Auch bei den Wahlen in eine Pfarrwahlkommission engagierten sich die Frauen begeistert. Nach einem alten Gesetz bestand die Pfarrwahlkommission aus der ganzen Vorsteherschaft. Weil das bisher alles Männer waren, beschloss die Versammlung zusätzlich neu fünf Frauen zu wählen. Das gelang problemlos, weil sechs Frauen vorgeschlagen wurden.

Zögernde Entwicklung

Das Engagement und die Berücksichtigung der Frauen in der Vorsteherschaft kommen nur zögerlich voran. Seit 1966 hatte Evangelisch-Amriswil-Sommeri zwar einige Frauen in der Behörde, doch mit Ruth Pfister lediglich eine Präsidentin. Demnächst wird es voraussichtlich eine zweite Präsidentin geben.

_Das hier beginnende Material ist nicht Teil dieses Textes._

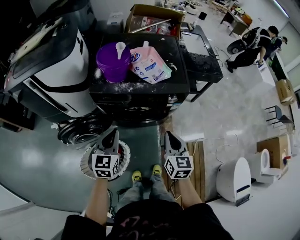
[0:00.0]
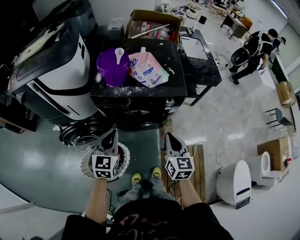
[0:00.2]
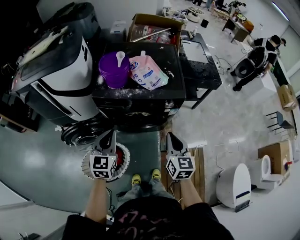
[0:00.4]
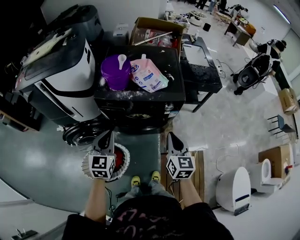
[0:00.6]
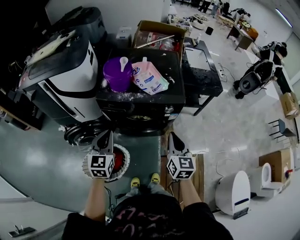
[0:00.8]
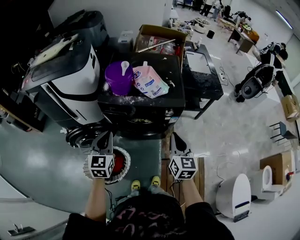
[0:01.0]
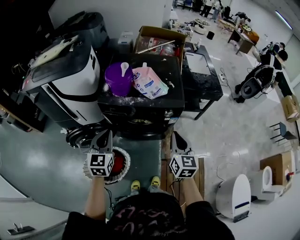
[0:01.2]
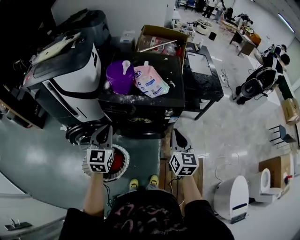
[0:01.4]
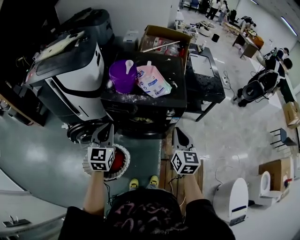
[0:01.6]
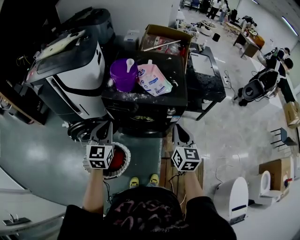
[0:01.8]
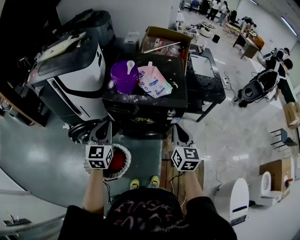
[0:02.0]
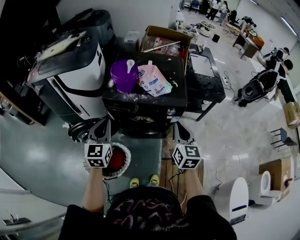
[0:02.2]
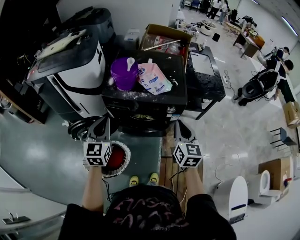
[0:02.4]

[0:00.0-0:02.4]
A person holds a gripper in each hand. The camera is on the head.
0.0 to 1.2 s: The left gripper is displaced upward by approximately 10 cm, while the right gripper is displaced upward and to the right by some 10 cm.
1.2 to 2.4 s: There are only small adjustments of the grippers.

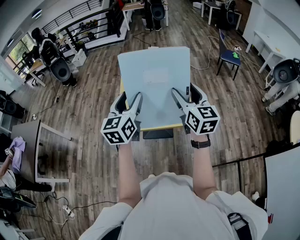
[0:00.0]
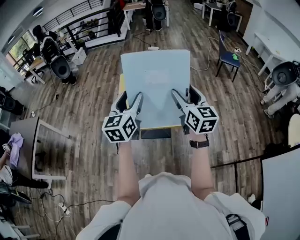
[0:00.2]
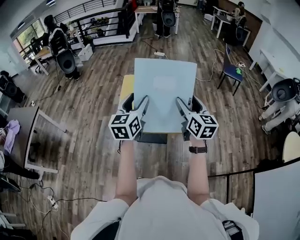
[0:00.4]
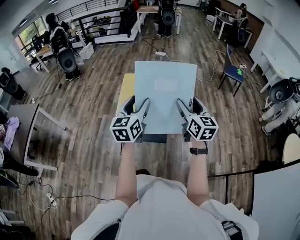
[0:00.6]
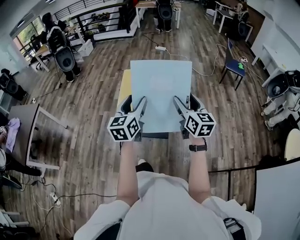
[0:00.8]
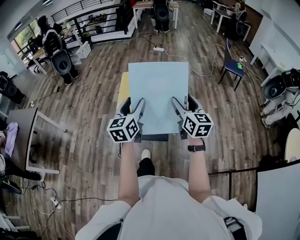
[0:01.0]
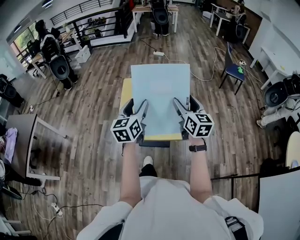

Zu erinnern ist noch, dass die Frauen erst 1971 das Stimm- und Wahlrecht in Kantonsangelegenheiten erhielten. Die Innerrhoder Frauen erhielten ihr Recht als letzte in der Schweiz erst 1990 durch einen Bundesgerichtsentscheid. Somit ging in der Schweiz ein Kampf zu Ende, der rund 180 Jahre gedauert hatte.

Die nächste Kirchgemeindeversammlung findet am Donnerstag, 25. Februar, um 20 Uhr im Kirchgemeindehaus statt.